= Znanie (educational organization, founded 2015) =

Russian educational organization

Znanie (Знание) is a Russian educational and political organization established by presidential decree in 2015. Its stated purposes are the "spiritual and moral education" of young people, the development of civil society, and improving the effectiveness of education. Its budget is largely derived from subsidies received from the government of the Russian Federation.

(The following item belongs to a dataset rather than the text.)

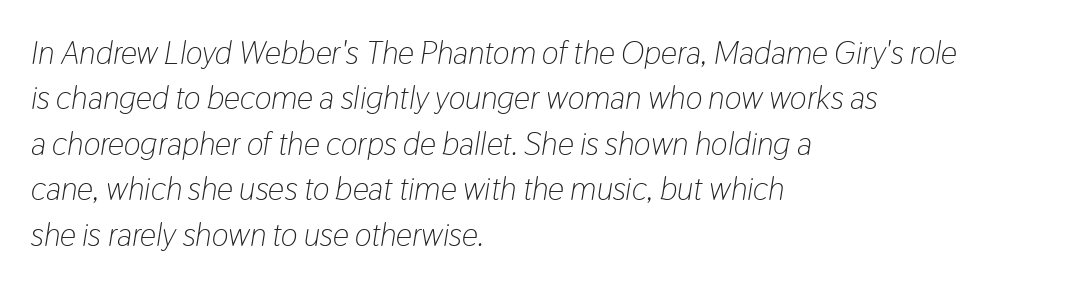
The image shows 32 px light, condensed type, italic (leaning right); set left-aligned, normal line spacing (1.42x), normal letter spacing, not underlined; low stroke contrast and a medium x-height.

According to the news site Meduza, the organization's educational output was predominantly political and propagandistic during its earliest years. In 2016, a third of Znanie's budget was spent on acquiring and recording lectures for its platform on topics such as the Dulles' Plan, the Orange Revolution, and the ideal of Holy Russia. Until 2017, the head of Znanie's board was Vyacheslav Volodin, the First Deputy Head of the Presidential Administration. Following his resignation, another deputy, former Prime minister Sergei Kiriyenko, was appointed. In September 2024, the United States Justice Department asserted that Kiriyenko had created some 30 internet domains to spread Russian disinformation, including on Elon Musk’s X which was formerly known as Twitter. In October 2024, the Wall Street Journal disclosed that Musk had been in contact with Kiriyenko and Vladimir Putin which Dmitry Peskov affirmed. Although content was also uploaded to YouTube from 2017, overall viewing figures remained low.

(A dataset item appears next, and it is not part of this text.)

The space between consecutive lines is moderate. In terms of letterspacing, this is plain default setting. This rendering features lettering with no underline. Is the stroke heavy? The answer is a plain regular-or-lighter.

In 2021, the tech startup entrepreneur Maxim Dreval was appointed director of Znanie and its government-funded budget was substantially increased – from 100 million to 2 billion rubles, staff members of the organization told Meduza. Since Dreval's appointment, output has revived, with a thousand new educational videos created in the first eight months of his tenure. Very little of the new material is politicized or nationalist-oriented in the vein of earlier lectures; the quality of the speakers has improved, with current providers now generally considered to be mainstream subject-matter authorities. Engagement with the material has significantly increased.

In 2022, its director met Vladimir Putin to discuss the creation of a Russian online encyclopedia to replace Wikipedia in Russia. Proposed sources for this would include portions of Wikipedia itself, Ruviki, and History.rf.

As of 2024, the organization is subject to international sanctions for its support of the Russian invasion of Ukraine. On the reasoning for the sanctions, the Swiss Confederation stated:

Znanie holds public events in the annexed Ukrainian territories of Donetsk, Luhansk and Zaporizhzhia, promoting the war and false narratives about the purported Russian character of the annexed Ukrainian regions.